Heiser said he favors the right to an abortion only until a fetus is 20 weeks old. He also said he would support the death penalty if prosecutors were required to show that a criminal was guilty beyond a shadow of a doubt, rather than the current measure of guilt, which is beyond a reasonable doubt.

Even under those requirements, Heiser said he favors giving defendants a choice between the death penalty and life in prison.

“The death penalty has absolutely no deterrent value,” Heiser said. “People who say that are only trying to cover the emotion of vengeance.”

Senate District 17

Overview: The newly drawn district is spread across four counties-Los Angeles, Kern, Inyo and San Bernardino-and covers a large expanse of sparsely populated desert communities. However, it also includes rapidly growing areas such as Santa Clarita, Palmdale and Lancaster. Republican Don Rogers, who now represents the 16th Senate District, is running for reelection two years to preserve his seat. The district is heavily Republican.

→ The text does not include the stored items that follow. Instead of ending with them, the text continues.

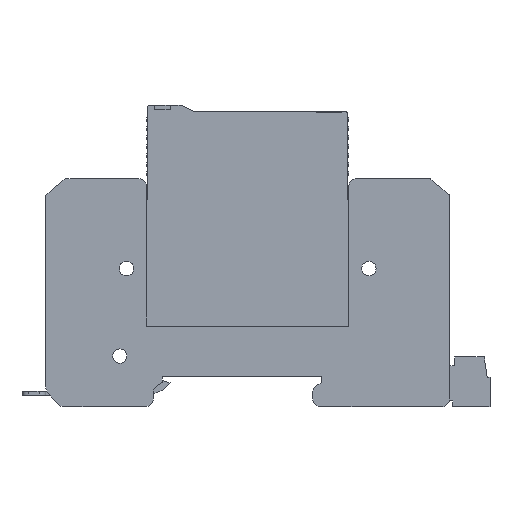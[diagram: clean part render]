
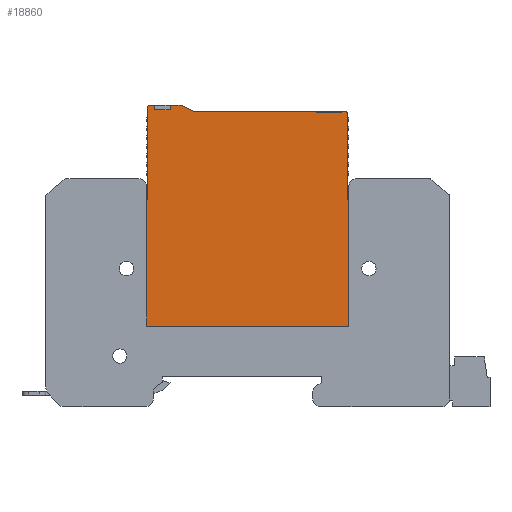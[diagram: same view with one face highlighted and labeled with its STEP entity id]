
A CAD part, front view. The second image highlights one B-rep face of the part: STEP entity #18860.
In plain terms, the highlighted planar face has unit normal (0, -1, 0).
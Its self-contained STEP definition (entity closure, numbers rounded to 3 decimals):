
#16786=DIRECTION('',(0.,0.,-1.));
#16787=VECTOR('',#16786,28.3);
#16788=CARTESIAN_POINT('',(-33.86,13.554,
54.696));
#16789=LINE('',#16788,#16787);
#16902=DIRECTION('',(0.,0.,1.));
#16903=VECTOR('',#16902,20.8);
#16904=CARTESIAN_POINT('',(-33.6,13.554,
54.696));
#16905=LINE('',#16904,#16903);
#16909=CARTESIAN_POINT('',(-33.3,13.554,
75.496));
#16910=DIRECTION('',(0.,1.,0.));
#16911=DIRECTION('',(-1.,0.,0.));
#16912=AXIS2_PLACEMENT_3D('',#16909,#16910,#16911);
#16917=DIRECTION('',(1.,0.,0.));
#16918=VECTOR('',#16917,1.183);
#16919=CARTESIAN_POINT('',(-33.3,13.554,
75.796));
#16920=LINE('',#16919,#16918);
#16924=DIRECTION('',(0.,0.,-1.));
#16925=VECTOR('',#16924,1.);
#16926=CARTESIAN_POINT('',(-32.117,13.554,75.796));
#16927=LINE('',#16926,#16925);
#16931=DIRECTION('',(1.,0.,0.));
#16932=VECTOR('',#16931,3.5);
#16933=CARTESIAN_POINT('',(-32.117,13.554,74.796));
#16934=LINE('',#16933,#16932);
#16938=DIRECTION('',(1.,0.,0.));
#16939=VECTOR('',#16938,2.217);
#16940=CARTESIAN_POINT('',(-28.617,13.554,75.796));
#16941=LINE('',#16940,#16939);
#16945=CARTESIAN_POINT('',(-26.4,13.554,
74.746));
#16946=DIRECTION('',(0.,1.,0.));
#16947=DIRECTION('',(0.,0.,1.));
#16948=AXIS2_PLACEMENT_3D('',#16945,#16946,#16947);
#16953=DIRECTION('',(0.891,0.,-0.454));
#16954=VECTOR('',#16953,2.802);
#16955=CARTESIAN_POINT('',(-25.923,13.554,
75.682));
#16956=LINE('',#16955,#16954);
#16960=CARTESIAN_POINT('',(-22.95,13.554,
75.346));
#16961=DIRECTION('',(0.,-1.,0.));
#16962=DIRECTION('',(-0.454,0.,-0.891));
#16963=AXIS2_PLACEMENT_3D('',#16960,#16961,#16962);
#16968=DIRECTION('',(1.,0.,0.));
#16969=VECTOR('',#16968,26.95);
#16970=CARTESIAN_POINT('',(-22.95,13.554,
74.296));
#16971=LINE('',#16970,#16969);
#16975=DIRECTION('',(0.,0.,-1.));
#16976=VECTOR('',#16975,0.1);
#16977=CARTESIAN_POINT('',(4.,13.554,74.296));
#16978=LINE('',#16977,#16976);
#16982=DIRECTION('',(1.,0.,0.));
#16983=VECTOR('',#16982,5.6);
#16984=CARTESIAN_POINT('',(4.,13.554,74.196));
#16985=LINE('',#16984,#16983);
#16989=DIRECTION('',(0.,0.,1.));
#16990=VECTOR('',#16989,0.1);
#16991=CARTESIAN_POINT('',(9.6,13.554,74.196));
#16992=LINE('',#16991,#16990);
#16996=DIRECTION('',(1.,0.,0.));
#16997=VECTOR('',#16996,1.);
#16998=CARTESIAN_POINT('',(9.6,13.554,74.296));
#16999=LINE('',#16998,#16997);
#17003=CARTESIAN_POINT('',(10.6,13.554,73.996));
#17004=DIRECTION('',(0.,1.,0.));
#17005=DIRECTION('',(0.,0.,1.));
#17006=AXIS2_PLACEMENT_3D('',#17003,#17004,#17005);
#17011=DIRECTION('',(0.,0.,-1.));
#17012=VECTOR('',#17011,19.3);
#17013=CARTESIAN_POINT('',(10.9,13.554,73.996));
#17014=LINE('',#17013,#17012);
#17018=DIRECTION('',(0.,0.,-1.));
#17019=VECTOR('',#17018,28.3);
#17020=CARTESIAN_POINT('',(11.14,13.554,54.696));
#17021=LINE('',#17020,#17019);
#17025=DIRECTION('',(-1.,0.,0.));
#17026=VECTOR('',#17025,45.);
#17027=CARTESIAN_POINT('',(11.14,13.554,26.396));
#17028=LINE('',#17027,#17026);
#17032=DIRECTION('',(-1.,0.,0.));
#17033=VECTOR('',#17032,0.26);
#17034=CARTESIAN_POINT('',(-33.6,13.554,
54.696));
#17035=LINE('',#17034,#17033);
#17158=DIRECTION('',(0.,0.,-1.));
#17159=VECTOR('',#17158,1.);
#17160=CARTESIAN_POINT('',(-28.617,13.554,75.796));
#17161=LINE('',#17160,#17159);
#17305=DIRECTION('',(-1.,0.,0.));
#17306=VECTOR('',#17305,0.24);
#17307=CARTESIAN_POINT('',(11.14,13.554,54.696));
#17308=LINE('',#17307,#17306);
#18429=CARTESIAN_POINT('',(-33.86,13.554,
54.696));
#18430=VERTEX_POINT('',#18429);
#18431=CARTESIAN_POINT('',(-33.86,13.554,
26.396));
#18432=VERTEX_POINT('',#18431);
#18465=CARTESIAN_POINT('',(11.14,13.554,54.696));
#18466=CARTESIAN_POINT('',(11.14,13.554,26.396));
#18467=VERTEX_POINT('',#18465);
#18468=VERTEX_POINT('',#18466);
#18469=CARTESIAN_POINT('',(-33.6,13.554,
54.696));
#18470=VERTEX_POINT('',#18469);
#18471=CARTESIAN_POINT('',(-33.6,13.554,
75.496));
#18472=VERTEX_POINT('',#18471);
#18473=CARTESIAN_POINT('',(-33.3,13.554,
75.796));
#18474=VERTEX_POINT('',#18473);
#18475=CARTESIAN_POINT('',(-32.117,13.554,75.796));
#18476=VERTEX_POINT('',#18475);
#18477=CARTESIAN_POINT('',(-32.117,13.554,74.796));
#18478=VERTEX_POINT('',#18477);
#18479=CARTESIAN_POINT('',(-28.617,13.554,74.796));
#18480=VERTEX_POINT('',#18479);
#18481=CARTESIAN_POINT('',(-28.617,13.554,75.796));
#18482=VERTEX_POINT('',#18481);
#18483=CARTESIAN_POINT('',(-26.4,13.554,
75.796));
#18484=VERTEX_POINT('',#18483);
#18485=CARTESIAN_POINT('',(-25.923,13.554,
75.682));
#18486=VERTEX_POINT('',#18485);
#18487=CARTESIAN_POINT('',(-23.426,13.554,
74.411));
#18488=VERTEX_POINT('',#18487);
#18489=CARTESIAN_POINT('',(-22.95,13.554,
74.296));
#18490=VERTEX_POINT('',#18489);
#18491=CARTESIAN_POINT('',(4.,13.554,74.296));
#18492=VERTEX_POINT('',#18491);
#18493=CARTESIAN_POINT('',(4.,13.554,74.196));
#18494=VERTEX_POINT('',#18493);
#18495=CARTESIAN_POINT('',(9.6,13.554,74.196));
#18496=VERTEX_POINT('',#18495);
#18497=CARTESIAN_POINT('',(9.6,13.554,74.296));
#18498=VERTEX_POINT('',#18497);
#18499=CARTESIAN_POINT('',(10.6,13.554,74.296));
#18500=VERTEX_POINT('',#18499);
#18501=CARTESIAN_POINT('',(10.9,13.554,73.996));
#18502=VERTEX_POINT('',#18501);
#18503=CARTESIAN_POINT('',(10.9,13.554,54.696));
#18504=VERTEX_POINT('',#18503);
#18811=CARTESIAN_POINT('',(-11.14,13.554,
36.896));
#18812=DIRECTION('',(0.,1.,0.));
#18813=DIRECTION('',(-1.,0.,0.));
#18814=AXIS2_PLACEMENT_3D('',#18811,#18812,#18813);
#18815=PLANE('',#18814);
#18816=ORIENTED_EDGE('',*,*,#18746,.F.);
#18818=ORIENTED_EDGE('',*,*,#18817,.F.);
#18820=ORIENTED_EDGE('',*,*,#18819,.T.);
#18822=ORIENTED_EDGE('',*,*,#18821,.T.);
#18824=ORIENTED_EDGE('',*,*,#18823,.T.);
#18826=ORIENTED_EDGE('',*,*,#18825,.T.);
#18828=ORIENTED_EDGE('',*,*,#18827,.T.);
#18830=ORIENTED_EDGE('',*,*,#18829,.F.);
#18832=ORIENTED_EDGE('',*,*,#18831,.T.);
#18834=ORIENTED_EDGE('',*,*,#18833,.T.);
#18836=ORIENTED_EDGE('',*,*,#18835,.T.);
#18838=ORIENTED_EDGE('',*,*,#18837,.T.);
#18840=ORIENTED_EDGE('',*,*,#18839,.T.);
#18842=ORIENTED_EDGE('',*,*,#18841,.T.);
#18844=ORIENTED_EDGE('',*,*,#18843,.T.);
#18846=ORIENTED_EDGE('',*,*,#18845,.T.);
#18848=ORIENTED_EDGE('',*,*,#18847,.T.);
#18850=ORIENTED_EDGE('',*,*,#18849,.T.);
#18852=ORIENTED_EDGE('',*,*,#18851,.T.);
#18854=ORIENTED_EDGE('',*,*,#18853,.F.);
#18855=ORIENTED_EDGE('',*,*,#18801,.T.);
#18857=ORIENTED_EDGE('',*,*,#18856,.T.);
#18858=EDGE_LOOP('',(#18816,#18818,#18820,#18822,#18824,#18826,#18828,#18830,
#18832,#18834,#18836,#18838,#18840,#18842,#18844,#18846,#18848,#18850,#18852,
#18854,#18855,#18857));
#18859=FACE_OUTER_BOUND('',#18858,.F.);
#16913=CIRCLE('',#16912,0.3);
#16949=CIRCLE('',#16948,1.05);
#16964=CIRCLE('',#16963,1.05);
#17007=CIRCLE('',#17006,0.3);
#18746=EDGE_CURVE('',#18430,#18432,#16789,.T.);
#18801=EDGE_CURVE('',#18467,#18468,#17021,.T.);
#18817=EDGE_CURVE('',#18470,#18430,#17035,.T.);
#18819=EDGE_CURVE('',#18470,#18472,#16905,.T.);
#18821=EDGE_CURVE('',#18472,#18474,#16913,.T.);
#18823=EDGE_CURVE('',#18474,#18476,#16920,.T.);
#18825=EDGE_CURVE('',#18476,#18478,#16927,.T.);
#18827=EDGE_CURVE('',#18478,#18480,#16934,.T.);
#18829=EDGE_CURVE('',#18482,#18480,#17161,.T.);
#18831=EDGE_CURVE('',#18482,#18484,#16941,.T.);
#18833=EDGE_CURVE('',#18484,#18486,#16949,.T.);
#18835=EDGE_CURVE('',#18486,#18488,#16956,.T.);
#18837=EDGE_CURVE('',#18488,#18490,#16964,.T.);
#18839=EDGE_CURVE('',#18490,#18492,#16971,.T.);
#18841=EDGE_CURVE('',#18492,#18494,#16978,.T.);
#18843=EDGE_CURVE('',#18494,#18496,#16985,.T.);
#18845=EDGE_CURVE('',#18496,#18498,#16992,.T.);
#18847=EDGE_CURVE('',#18498,#18500,#16999,.T.);
#18849=EDGE_CURVE('',#18500,#18502,#17007,.T.);
#18851=EDGE_CURVE('',#18502,#18504,#17014,.T.);
#18853=EDGE_CURVE('',#18467,#18504,#17308,.T.);
#18856=EDGE_CURVE('',#18468,#18432,#17028,.T.);
#18860=ADVANCED_FACE('',(#18859),#18815,.F.);
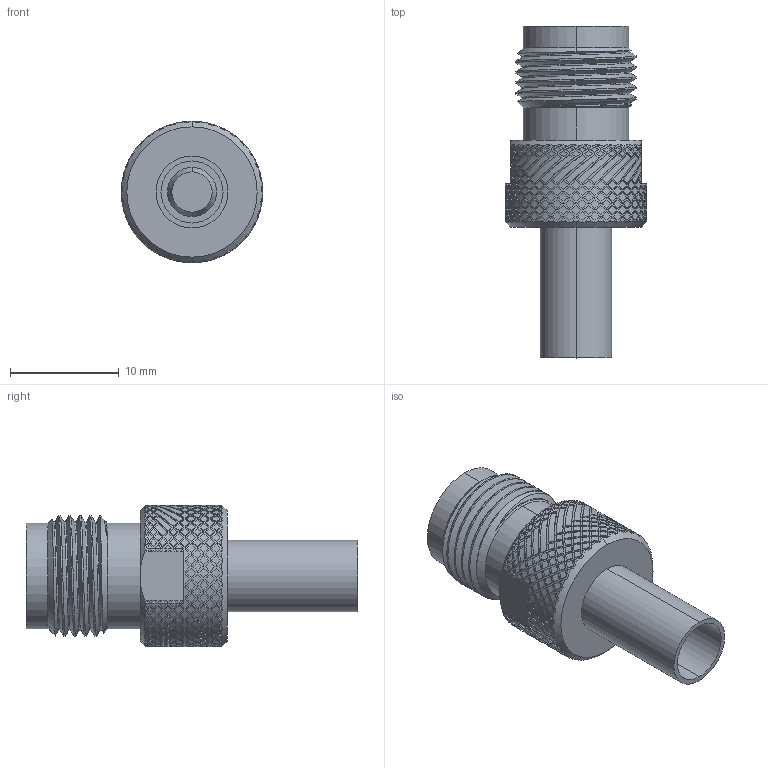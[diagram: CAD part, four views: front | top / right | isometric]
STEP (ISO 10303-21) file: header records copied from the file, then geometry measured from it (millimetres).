
FILE_DESCRIPTION((''),'2;1');
FILE_NAME('PRT0001','2021-08-28T',('Administrator'),(''),'PRO/ENGINEER BY PARAMETRIC TECHNOLOGY CORPORATION, 2012090','PRO/ENGINEER BY PARAMETRIC TECHNOLOGY CORPORATION, 2012090','');
FILE_SCHEMA(('CONFIG_CONTROL_DESIGN'));
Products named in the file (1): PRT0001
Bounding box: 13 x 30.5 x 13 mm (x, y, z)
Volume: 1712.6 mm3; surface area: 2009.2 mm2
Topology: 1 solids, 1 shells, 2685 faces, 6583 edges, 3905 vertices
Faces by surface type: bspline 2203, cylinder 434, plane 30, cone 18
Entity records: 177355 total; most frequent: CARTESIAN_POINT 132491, ORIENTED_EDGE 13162, EDGE_CURVE 6581, B_SPLINE_CURVE_WITH_KNOTS 5457, VERTEX_POINT 3905, EDGE_LOOP 2692, FACE_OUTER_BOUND 2685, ADVANCED_FACE 2685

Where: The district includes the Los Angeles County communities of Acton, Agua Dulce, Gorman, Green Valley, Lancaster, Leona Valley, Littlerock, Llano, Palmdale, Pearblossom, Quartz Hill and Santa Clarita, and portions of Canyon Country and Saugus. In Kern County, it includes the communities of Boron, California City, Frazier Park, Johannesburg, Lebec, Mojave, Ridgecrest, Rosamond and Tehachapi. It also includes portions of Inyo and San Bernardino counties. To find out if you live in the district, call the Los Angeles County registrar-recorder’s office at (213) 721-1100.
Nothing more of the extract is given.